PROVIDED RECORDS =>
BEGIN

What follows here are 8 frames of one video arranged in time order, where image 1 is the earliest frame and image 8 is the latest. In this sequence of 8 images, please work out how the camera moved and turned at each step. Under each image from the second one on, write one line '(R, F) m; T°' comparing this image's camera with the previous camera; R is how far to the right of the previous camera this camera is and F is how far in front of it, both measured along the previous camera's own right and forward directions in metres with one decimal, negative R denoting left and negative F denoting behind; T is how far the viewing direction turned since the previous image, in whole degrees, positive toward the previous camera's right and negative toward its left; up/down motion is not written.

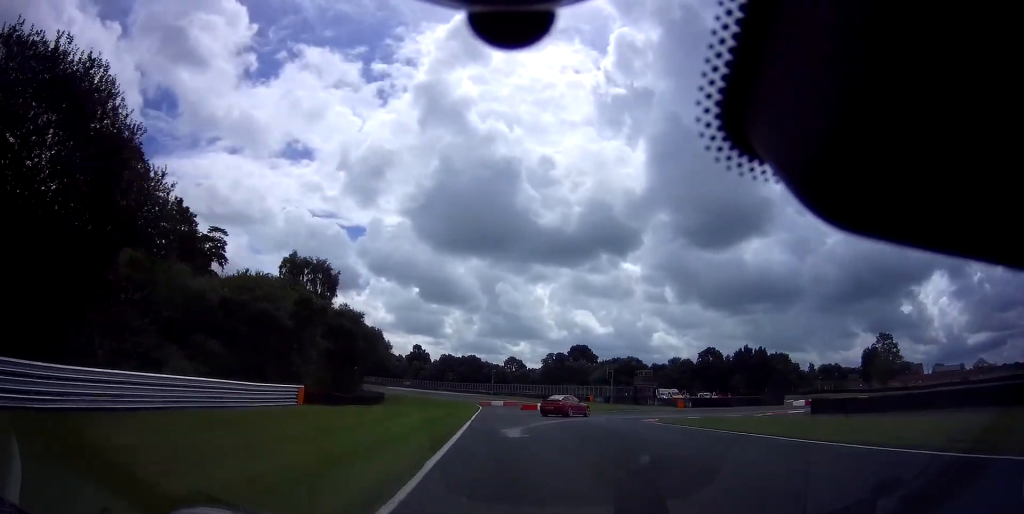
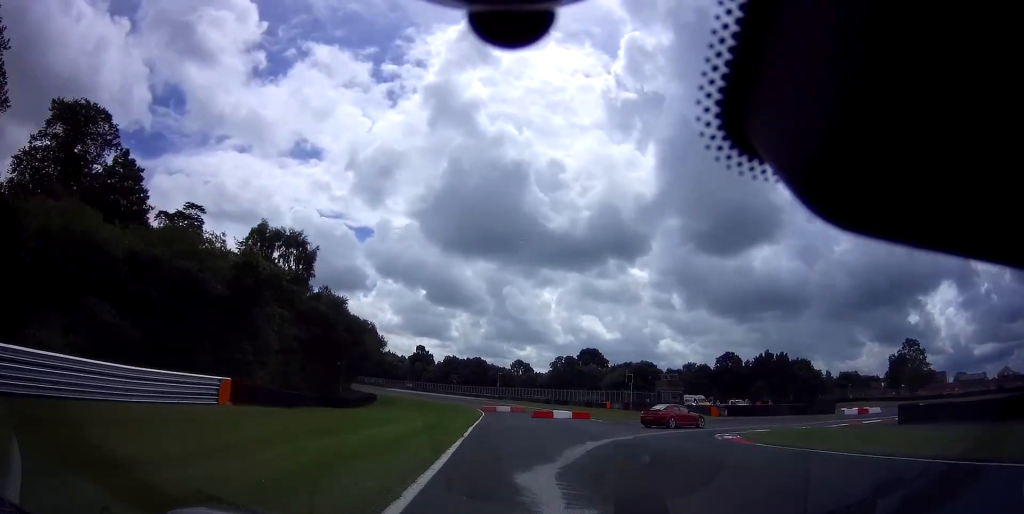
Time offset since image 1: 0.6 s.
(0.0, +9.6) m; +3°
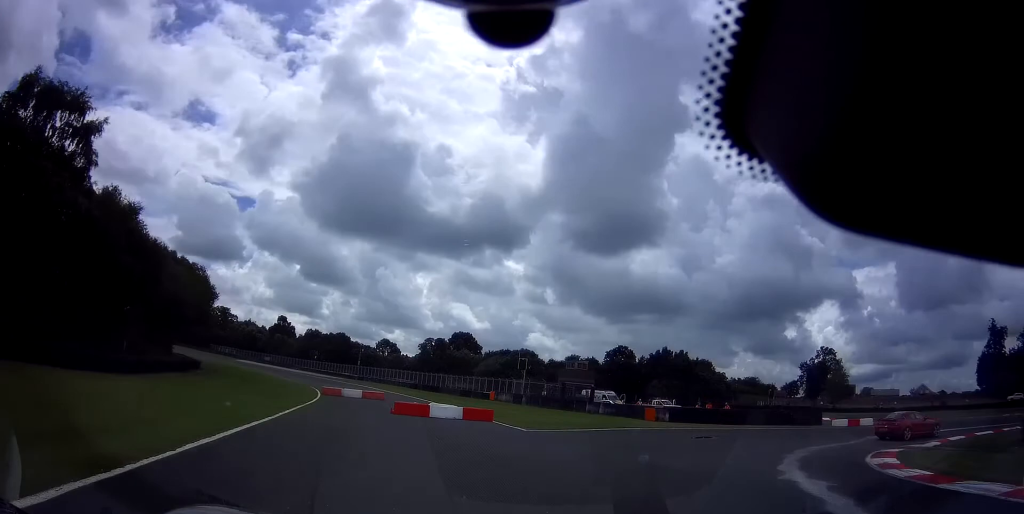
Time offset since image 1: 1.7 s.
(+1.5, +16.9) m; +20°
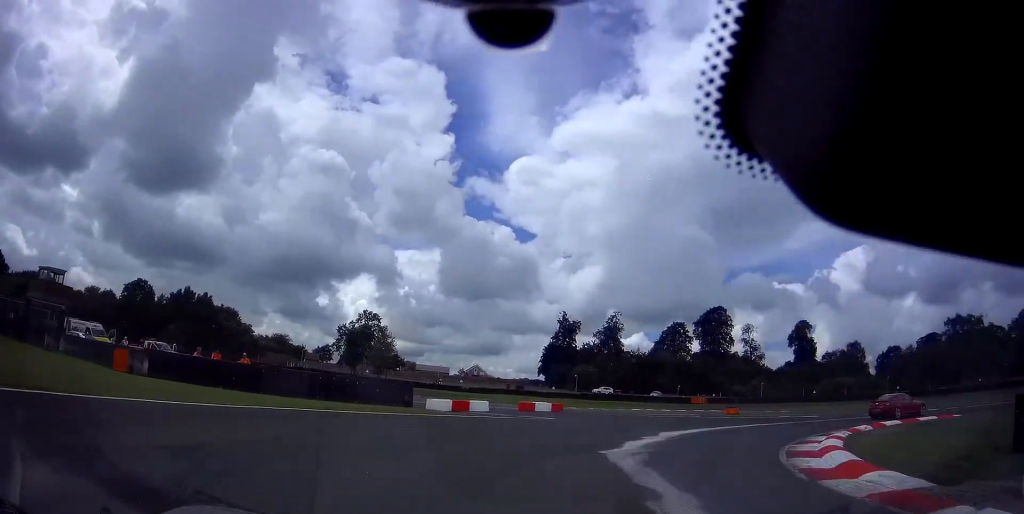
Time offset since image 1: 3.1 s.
(+5.4, +16.2) m; +48°
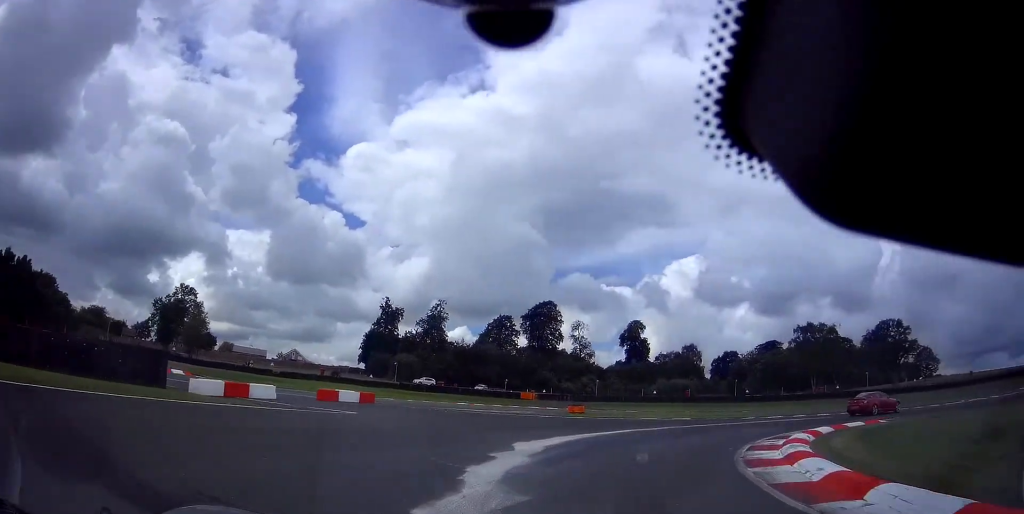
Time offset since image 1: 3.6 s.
(+1.7, +5.9) m; +20°
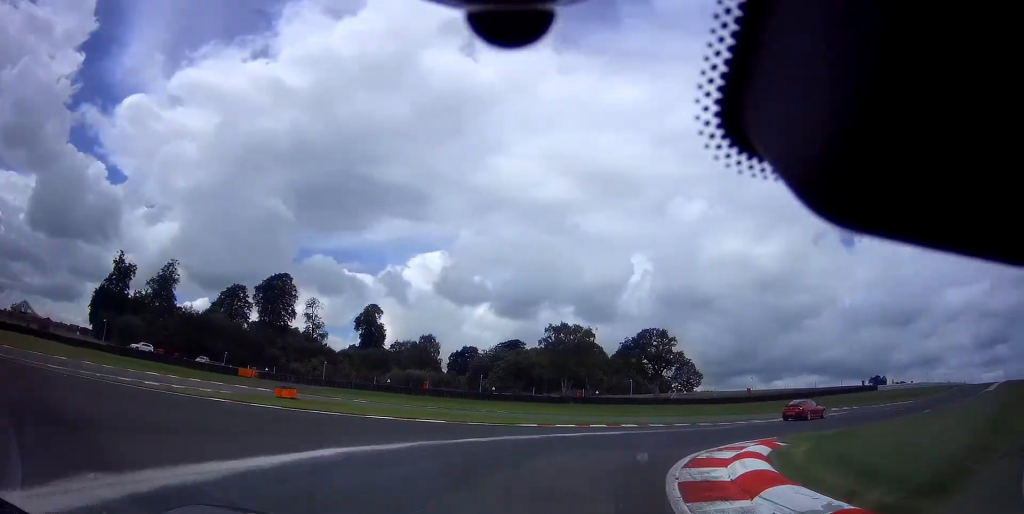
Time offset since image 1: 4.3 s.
(+1.8, +9.1) m; +28°
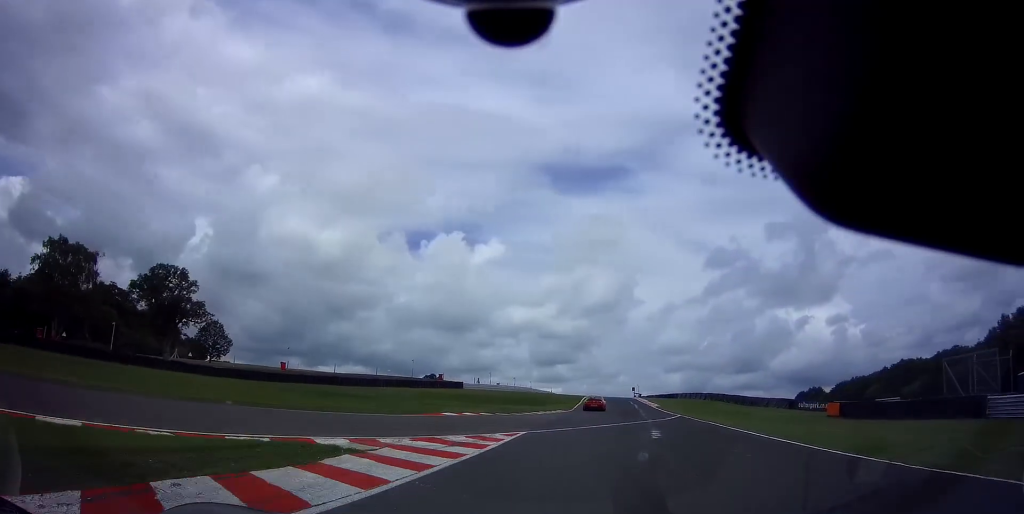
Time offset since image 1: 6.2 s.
(+12.9, +25.6) m; +43°
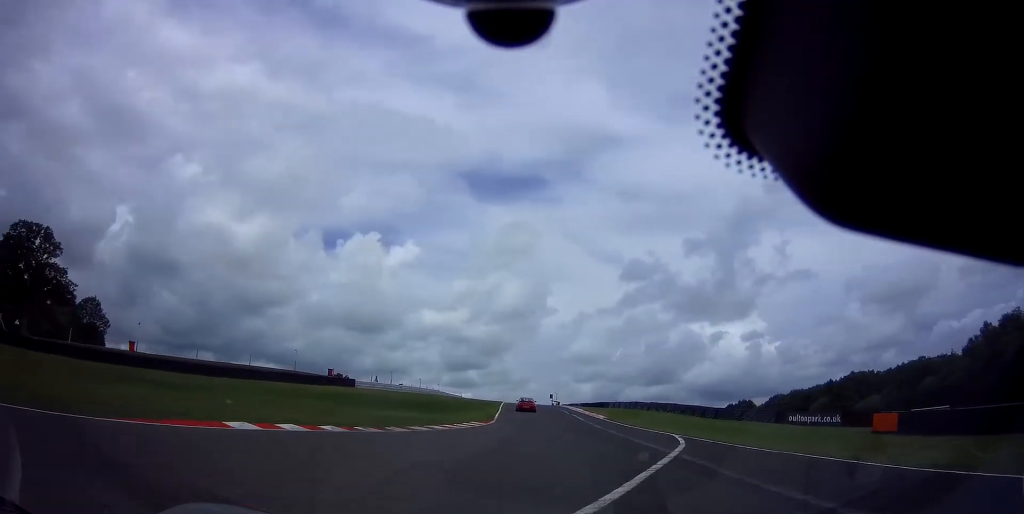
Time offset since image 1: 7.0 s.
(+1.5, +15.0) m; +7°

END

YOUR INSTRUCTIONS => What you return must match the material above exactly, minus its pictures.

RESPONSE FOR THIS EXERCISE =>
What follows here are 8 frames of one video arranged in time order, where image 1 is the earliest frame and image 8 is the latest. In this sequence of 8 images, please work out how the camera moved and turned at each step. Under each image from the second one on, write one line '(R, F) m; T°' comparing this image's camera with the previous camera; R is how far to the right of the previous camera this camera is and F is how far in front of it, both measured along the previous camera's own right and forward directions in metres with one decimal, negative R denoting left and negative F denoting behind; T is how far the viewing direction turned since the previous image, in whole degrees, positive toward the previous camera's right and negative toward its left; up/down motion is not written.

Time offset since image 1: 0.6 s.
(0.0, +9.6) m; +3°
Time offset since image 1: 1.7 s.
(+1.5, +16.9) m; +20°
Time offset since image 1: 3.1 s.
(+5.4, +16.2) m; +48°
Time offset since image 1: 3.6 s.
(+1.7, +5.9) m; +20°
Time offset since image 1: 4.3 s.
(+1.8, +9.1) m; +28°
Time offset since image 1: 6.2 s.
(+12.9, +25.6) m; +43°
Time offset since image 1: 7.0 s.
(+1.5, +15.0) m; +7°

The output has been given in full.